# Least Squares Fit

1. Dec 3, 2009

### rey242

1. The problem statement, all variables and given/known data
For the following data, find the least squares fit of the given form
x=1,2,3,4,6
y=14,10,8,6,5
h(x)=ae^x+be^(-x)

2. Relevant equations

3. The attempt at a solution
So I tried to linearize the equation by taking the natural log of everything
ln(h)=ln(ae^-x)+ln(be^ex)
ln(h)=ln(a)+ln(b)+x-x

that when I run into a problem, I eliminate the x's.
My question is, is there another way to linearize the equation or should I continue though?

2. Dec 4, 2009

### clamtrox

That's not right. In particular,
$$\ln (ae^{-x} + be^x) \neq \ln (ae^{-x}) + \ln (be^x)$$

3. Dec 4, 2009

### HallsofIvy

There is no reason to linearize anything. Nor are you trying to fit the curve to those points- just the "least squares" fit.

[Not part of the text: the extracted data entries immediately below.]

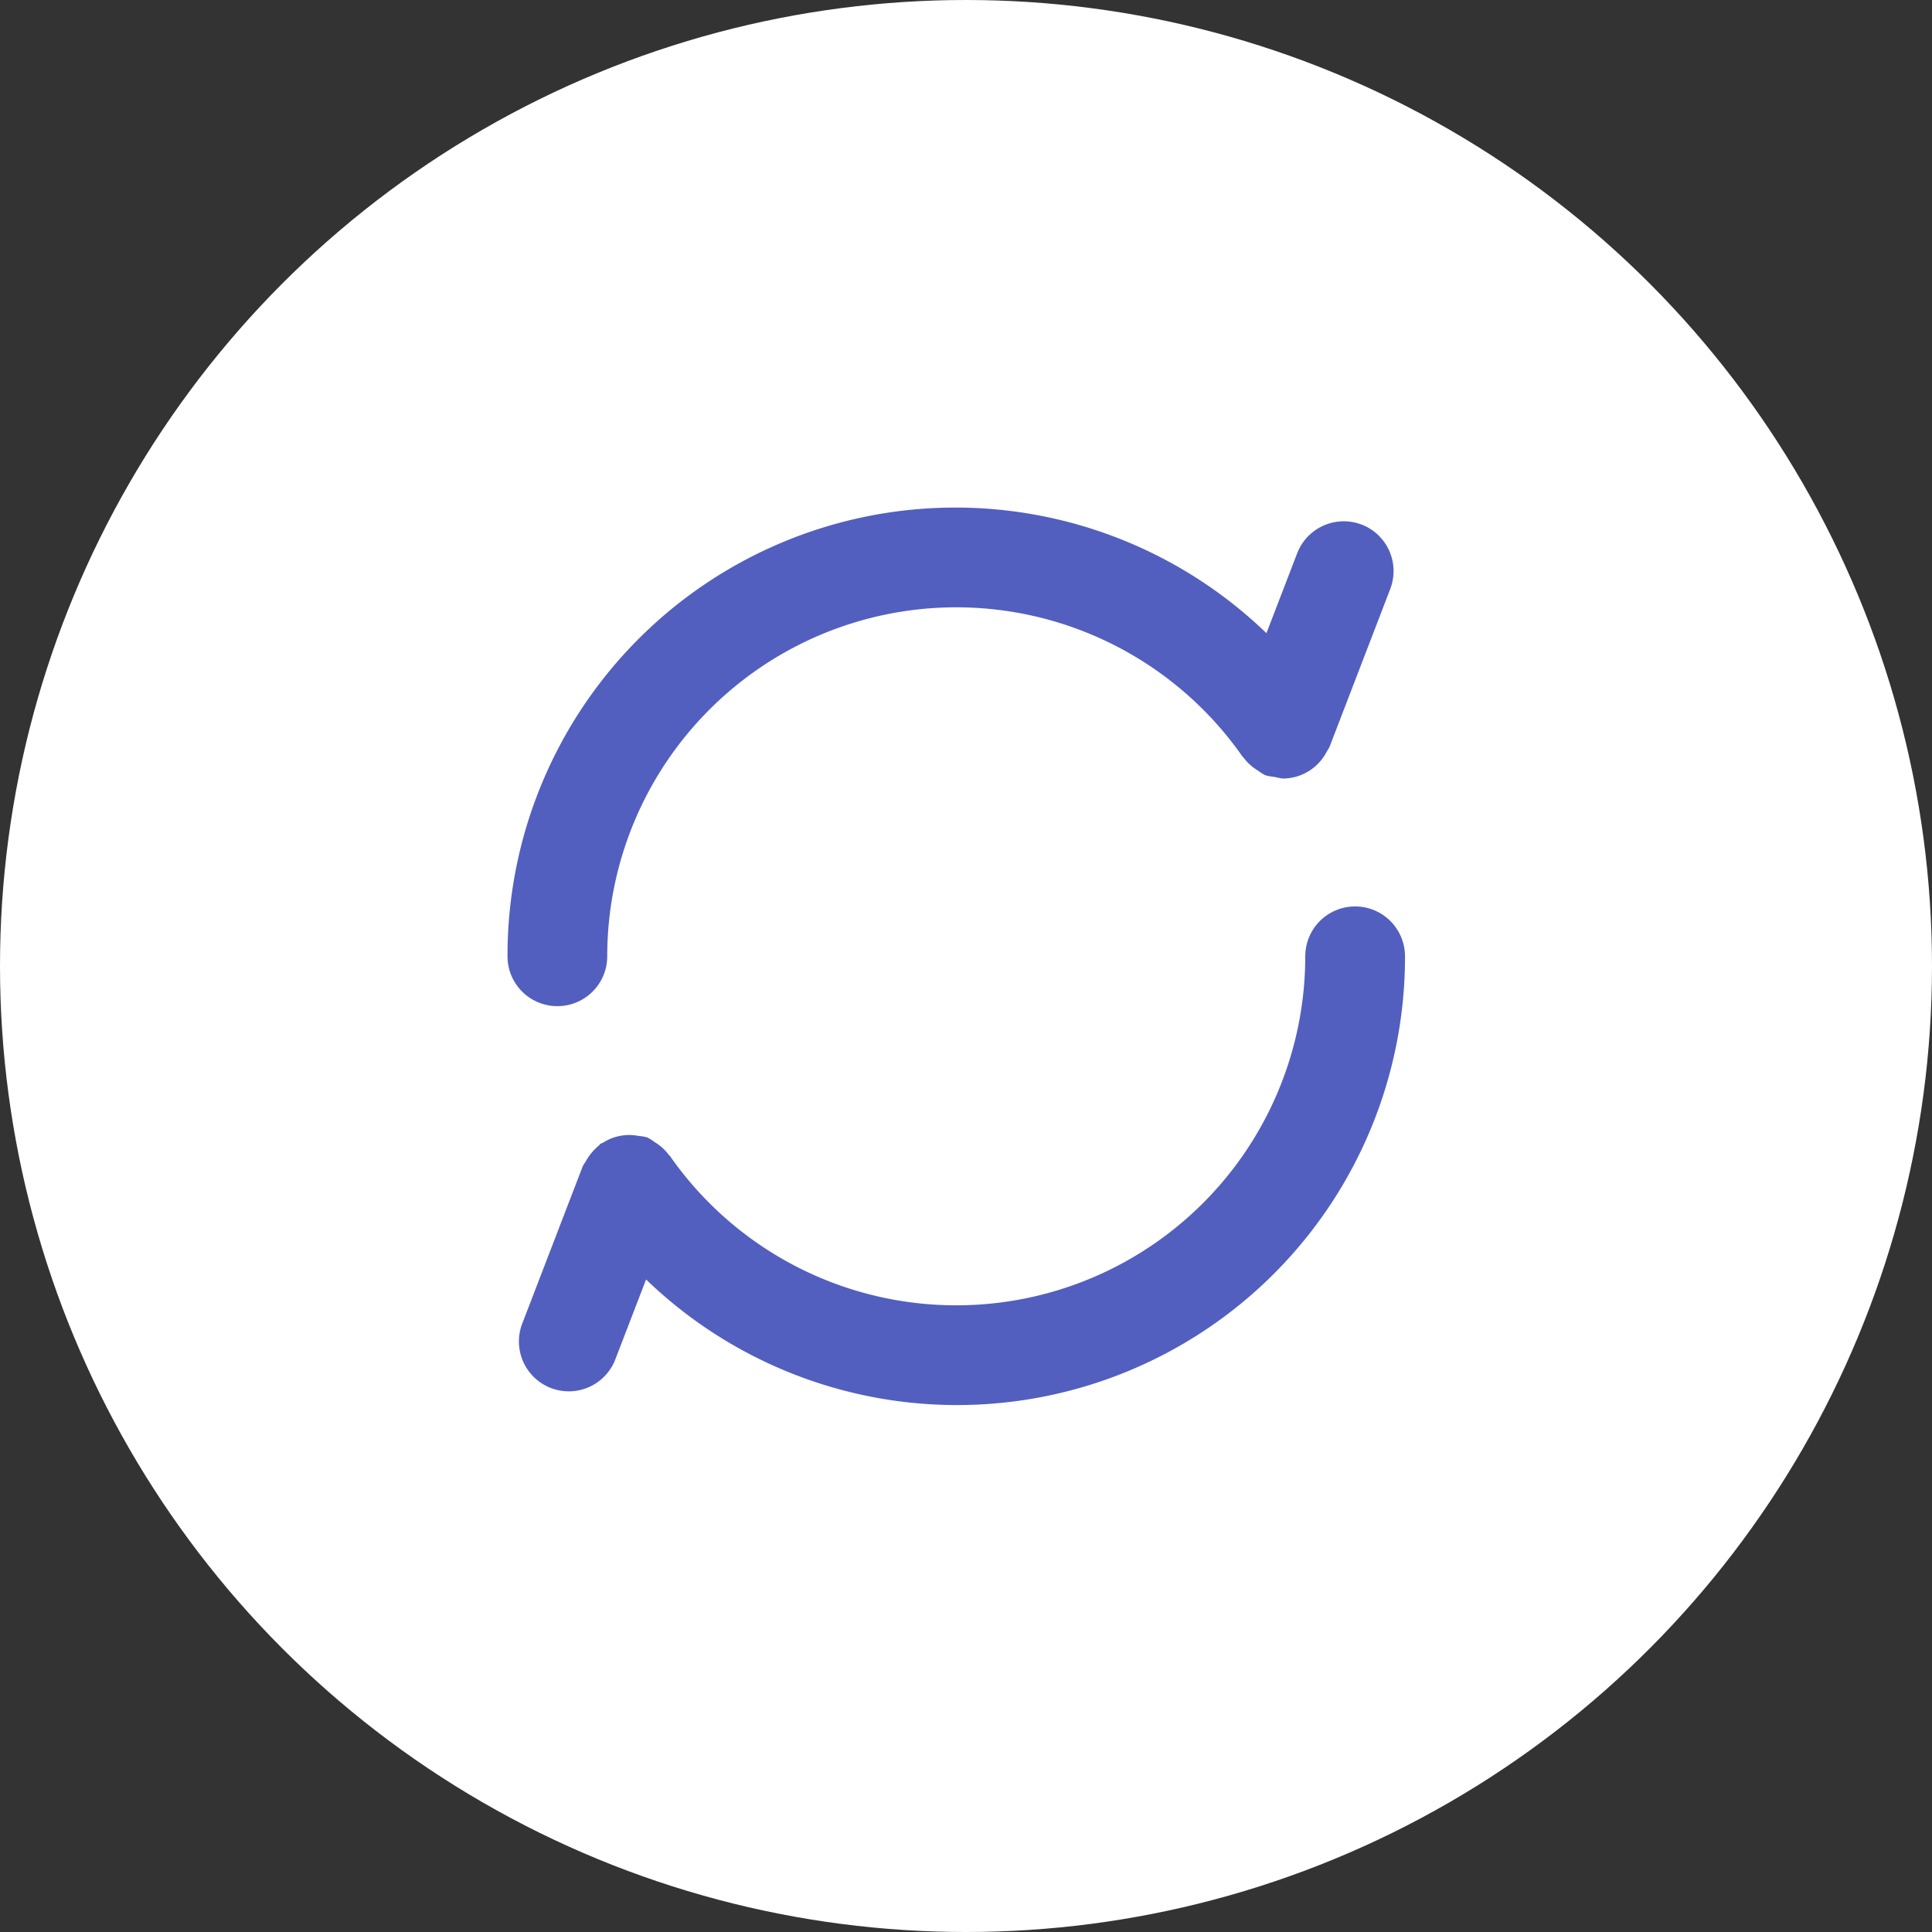 <svg xmlns="http://www.w3.org/2000/svg" width="99" height="99" viewBox="0 0 99 99"><rect x="0" y="0" width="99" height="99" fill="#333333" stroke="none"/><g id="Gruppe_162" data-name="Gruppe 162" transform="translate(-58)"><circle id="Ellipse_3" data-name="Ellipse 3" cx="49.5" cy="49.5" r="49.5" transform="translate(58)" fill="#fff"></circle><g id="Icons" transform="translate(84.006 26.009)"><path id="Pfad_53" data-name="Pfad 53" d="M11.325,36.228c-.015-.021-.039-.031-.054-.051a2.467,2.467,0,0,0-.633-.6c-.036-.024-.069-.046-.106-.067a2.423,2.423,0,0,0-.37-.235A2.421,2.421,0,0,0,9.73,35.2l-.113-.019a2.468,2.468,0,0,0-.85.015c-.048.009-.093.021-.141.032a2.5,2.5,0,0,0-.74.321c-.038.024-.083.026-.12.052s-.055.067-.09.095a2.82,2.82,0,0,0-.688.844,2.362,2.362,0,0,0-.128.2L3.755,44.814a2.555,2.555,0,1,0,4.77,1.834L10.1,42.554a22.952,22.952,0,0,0,38.889-16.56,2.555,2.555,0,1,0-5.11,0A17.886,17.886,0,0,1,11.325,36.228ZM46.765,3.872a2.559,2.559,0,0,0-3.3,1.468L41.889,9.435A22.952,22.952,0,0,0,3,25.994a2.555,2.555,0,1,0,5.11,0A17.886,17.886,0,0,1,40.663,15.761c.015.021.038.031.054.051a2.468,2.468,0,0,0,.634.6c.035.024.069.046.106.067a2.418,2.418,0,0,0,.37.235,2.449,2.449,0,0,0,.465.087l.04.007a2.633,2.633,0,0,0,.412.077,2.542,2.542,0,0,0,2.112-1.164c.046-.068.08-.137.119-.208a2.476,2.476,0,0,0,.154-.268l3.105-8.075a2.556,2.556,0,0,0-1.468-3.3Z" transform="translate(-3 -3)" fill="#525fbf"></path></g></g></svg>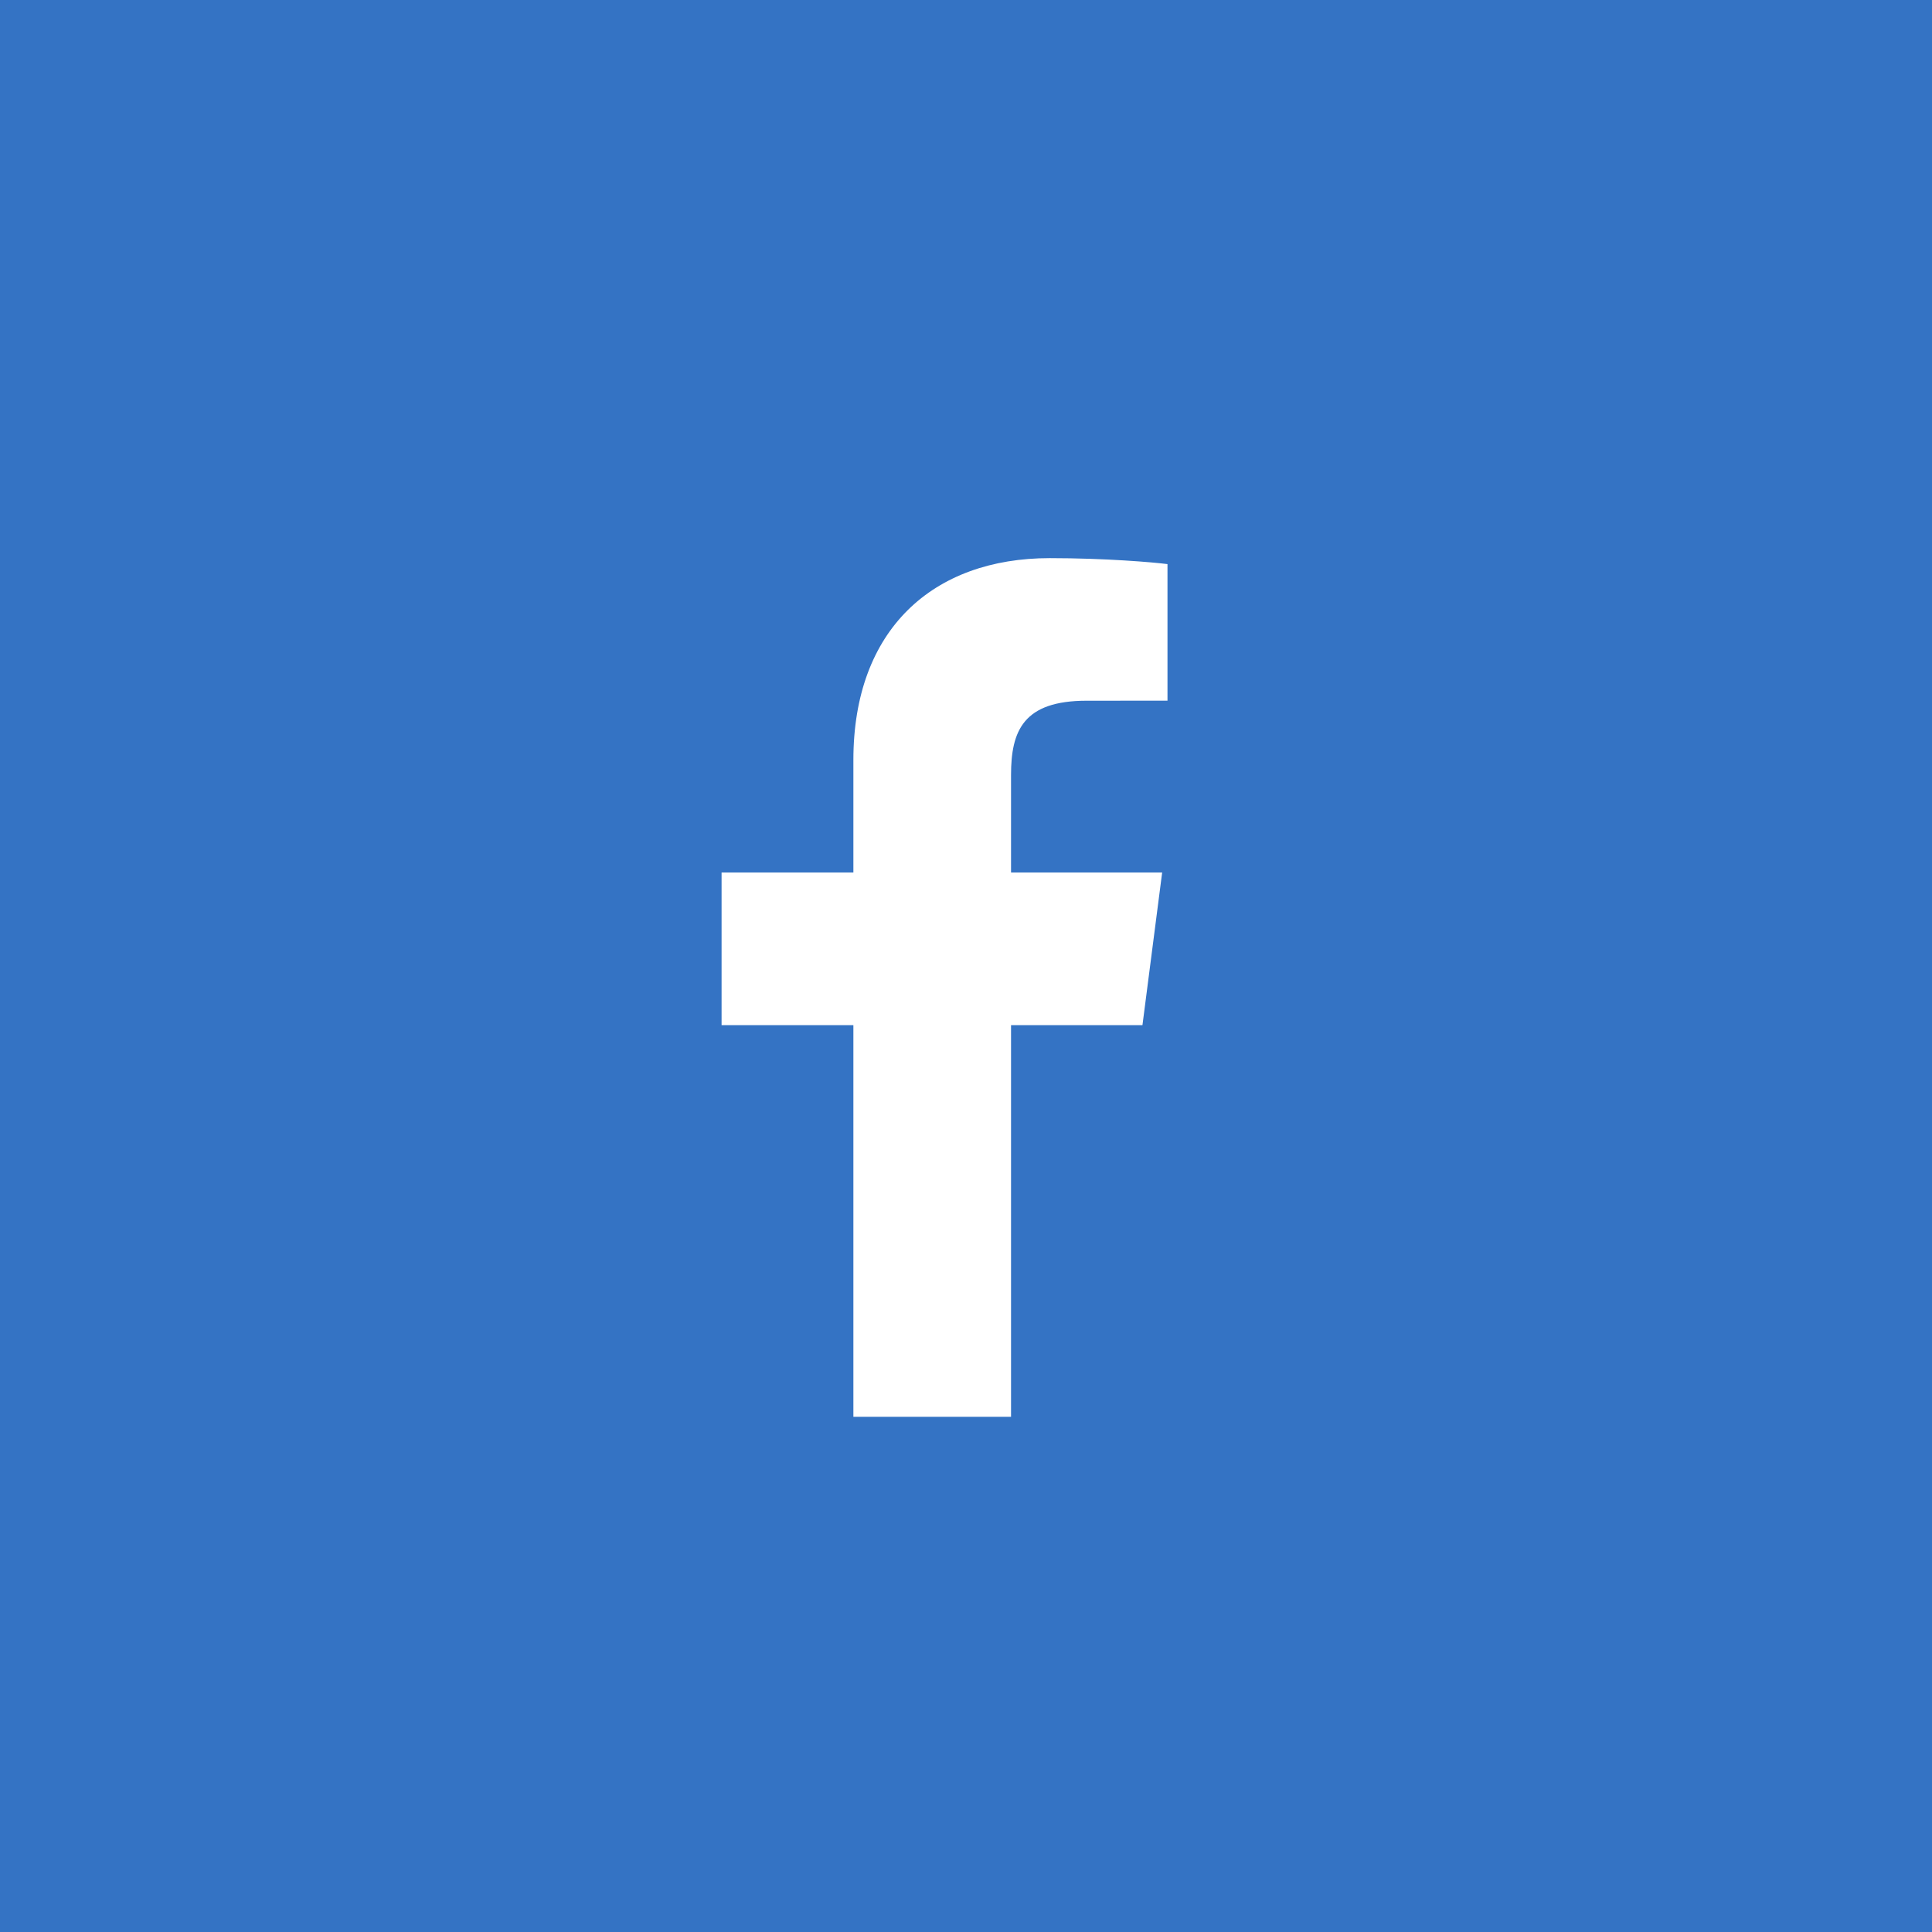 <svg width="45" height="45" viewBox="0 0 45 45" fill="none" xmlns="http://www.w3.org/2000/svg">
<rect x="0" y="0" width="45" height="45" fill="#333333" stroke="none"/>
<rect x="0.5" y="0.5" width="44" height="44" fill="#3473C4"/>
<path d="M23.549 33V23.878H26.61L27.069 20.322H23.549V18.052C23.549 17.022 23.834 16.321 25.311 16.321L27.193 16.32V13.139C26.867 13.097 25.75 13 24.45 13C21.736 13 19.877 14.657 19.877 17.699V20.322H16.807V23.878H19.877V33H23.549Z" fill="white"/>
<rect x="0.5" y="0.5" width="44" height="44" stroke="#3473C4"/>
</svg>

If $h(x)= ae^{x}+ be^{-x}$ then $h(1)= ae+ be^{-1}$. Since you are told that y= 14 when x= 1, the "error" is $ae+ be^{-1}- 14$ and the "error squared" is $(ae+ be^{-1})^2$. Similarly, for x= 2, y= 10, the "error squared" is $(ae^2+ be^{-2}- 10)^2$.

For all 5 x,y pairs, the sum of errors squared is $(ae+ be^{-1}- 14)^2$$+ (ae^2+ be^{-2}- 10)^2$$+ (ae^3+ be^{-3}- 8)^2$$+ (ae^4+ be^{-4}- 6)^2+ (ae^6+ be^{-6}-5)^2$. Find a and b to minimize that.

4. Dec 4, 2009

### rey242

What procedure would I use to find a and b? I know about the error...would I convert the sum of the errors squared into normal equations?